Interpretation: If the true mean were really 5.00 grams, there is only a 0.89% chance of observing a sample mean of 5.045 grams or larger in a sample of 40 bearings. This is very unlikely, providing strong evidence against \(H_0\).
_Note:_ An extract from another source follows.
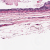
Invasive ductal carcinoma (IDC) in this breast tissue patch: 0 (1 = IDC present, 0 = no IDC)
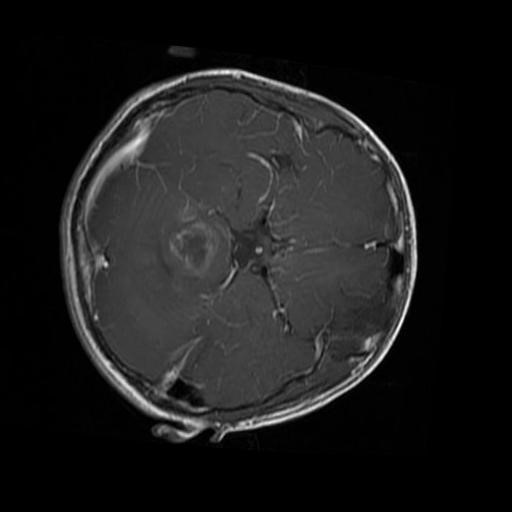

Part (c): t-Test with Unknown σ Step 1: \(H_0: \mu = 5.00\) vs \(H_a: \mu > 5.00\).
Step 2: \(\alpha = 0.05\).
Step 3: \(T = \dfrac{\bar{X} - 5.00}{S/\sqrt{40}} \sim t(39)\) under \(H_0\).
Step 4: Reject \(H_0\) if \(T > t_{39, 0.05} \approx 1.685\).
Step 5: \(t_{\text{obs}} = \dfrac{5.045 - 5.00}{0.14/\sqrt{40}} = \dfrac{0.045}{0.02214} = 2.033\).
Step 6: Since \(2.033 > 1.685\), still reject \(H_0\).

Change observed: The critical value is larger (1.685 vs 1.645) and the observed statistic is smaller (2.033 vs 2.372) because \(s = 0.14 > 0.12 = \sigma\). The conclusion happens to be the same, but with less evidence.

Part (d): Proportion Test Step 1: \(H_0: p = 0.04\) vs \(H_a: p > 0.04\).
Step 2: \(\alpha = 0.05\).
Step 3: \(Z = \dfrac{\hat{p} - 0.04}{\sqrt{0.04(0.96)/200}} \approx N(0, 1)\).
Step 4: Reject if \(Z > 1.645\).
Step 5: \(\hat{p} = 12/200 = 0.06\). \(SE = \sqrt{0.04 \times 0.96/200} = \sqrt{0.000192} = 0.01386\).
\(z_{\text{obs}} = \dfrac{0.06 - 0.04}{0.01386} = 1.443\).
Step 6: Since \(1.443 < 1.645\), do not reject \(H_0\). Insufficient evidence at the 5% level that the defect rate exceeds 4%.

Summary of answers:
(a) Reject \(H_0\) (\(z = 2.372 > 1.645\)). Mean weight has significantly increased.
(b) p-value = 0.0089. Very strong evidence against \(H_0\).
(c) Using t-test with \(s = 0.14\): still reject (\(t = 2.033 > 1.685\)), but with weaker evidence.
(d) Do not reject \(H_0\) (\(z = 1.443 < 1.645\)). No evidence defect rate exceeds 4%.